Restate each of the lines below word for word and drop every picture.

+ + + + +

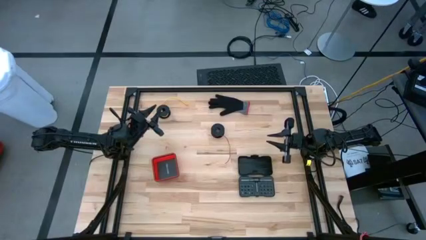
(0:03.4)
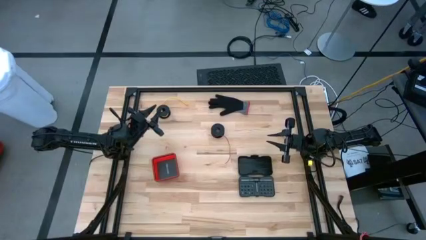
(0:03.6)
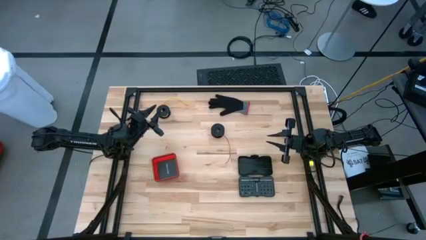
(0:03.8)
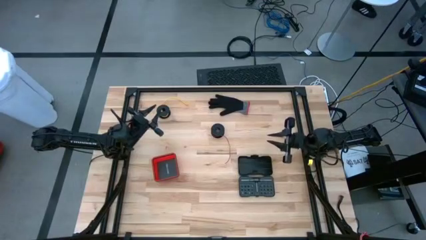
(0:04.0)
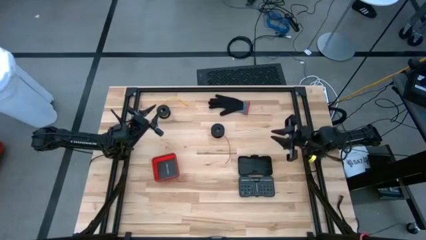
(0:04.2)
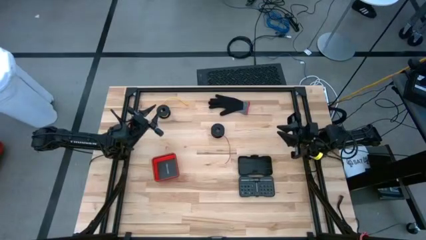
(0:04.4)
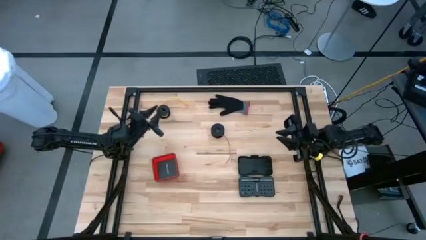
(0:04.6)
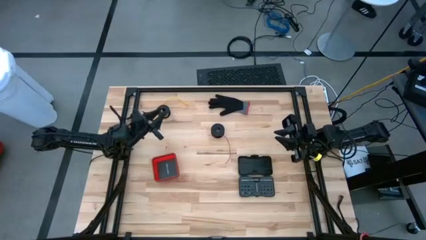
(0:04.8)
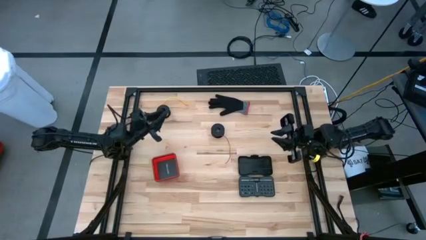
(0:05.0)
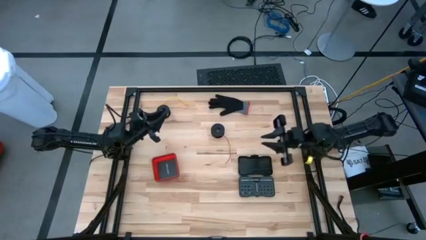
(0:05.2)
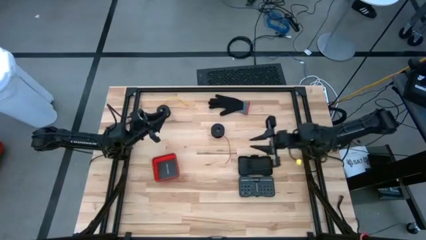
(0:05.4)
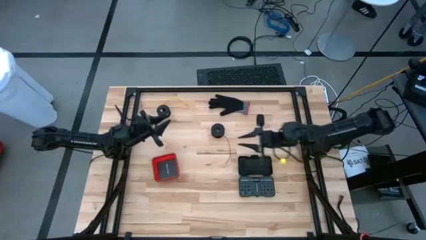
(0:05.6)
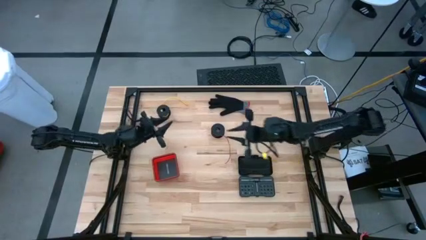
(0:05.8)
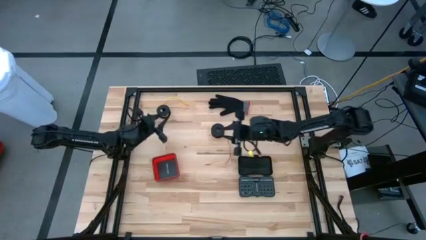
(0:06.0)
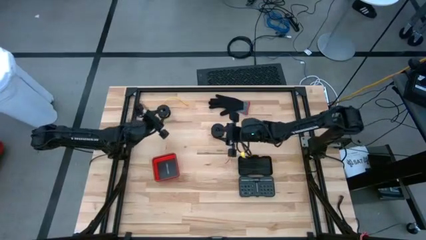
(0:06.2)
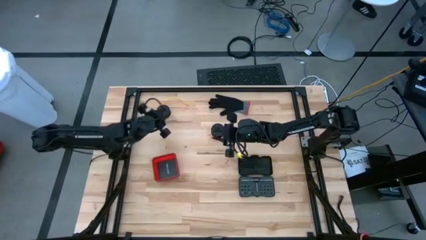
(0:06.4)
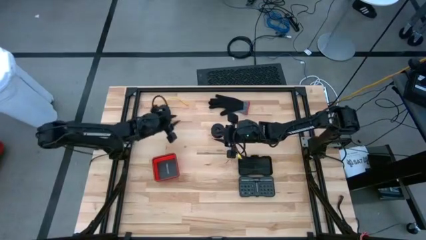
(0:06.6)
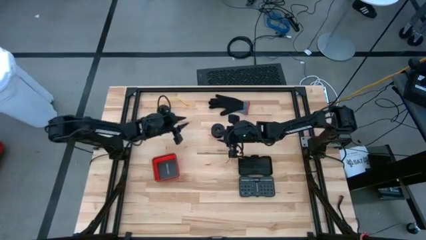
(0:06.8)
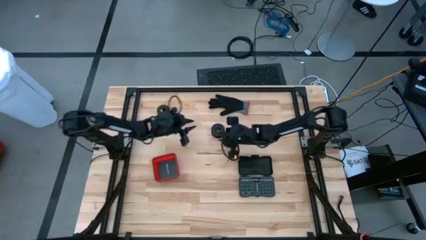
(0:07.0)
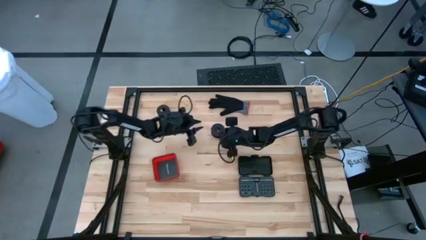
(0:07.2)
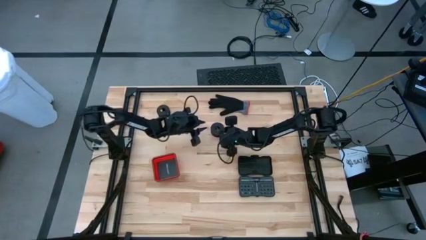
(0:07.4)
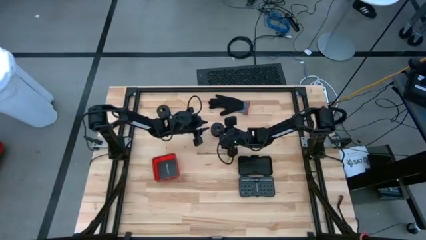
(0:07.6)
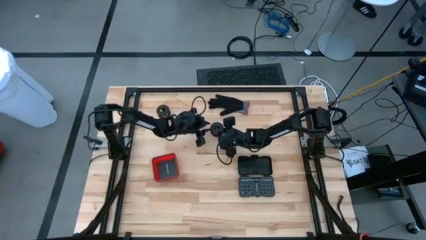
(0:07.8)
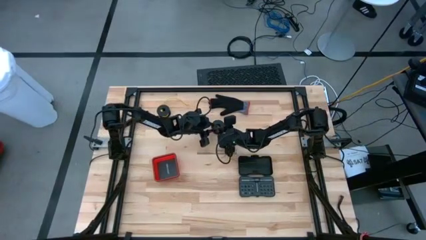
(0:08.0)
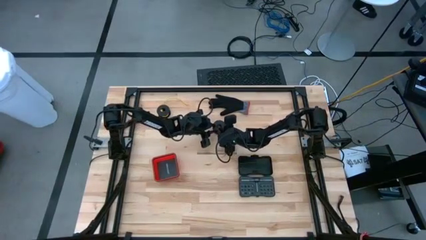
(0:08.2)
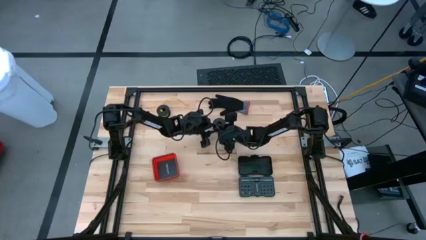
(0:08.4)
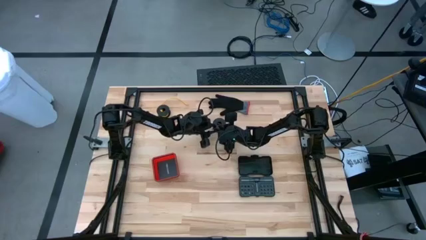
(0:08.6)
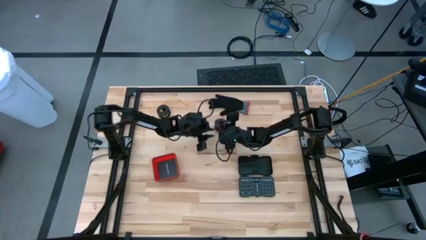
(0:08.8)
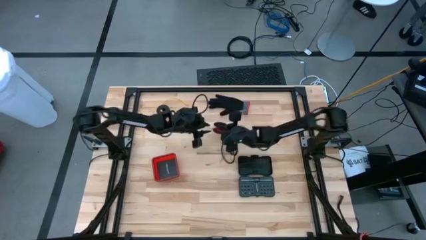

+ + + + +

Answer box:
(0:03.4)
(0:03.6)
(0:03.8)
(0:04.0)
(0:04.2)
(0:04.4)
(0:04.6)
(0:04.8)
(0:05.0)
(0:05.2)
(0:05.4)
(0:05.6)
(0:05.8)
(0:06.0)
(0:06.2)
(0:06.4)
(0:06.6)
(0:06.8)
(0:07.0)
(0:07.2)
(0:07.4)
(0:07.6)
(0:07.8)
(0:08.0)
(0:08.2)
(0:08.4)
(0:08.6)
(0:08.8)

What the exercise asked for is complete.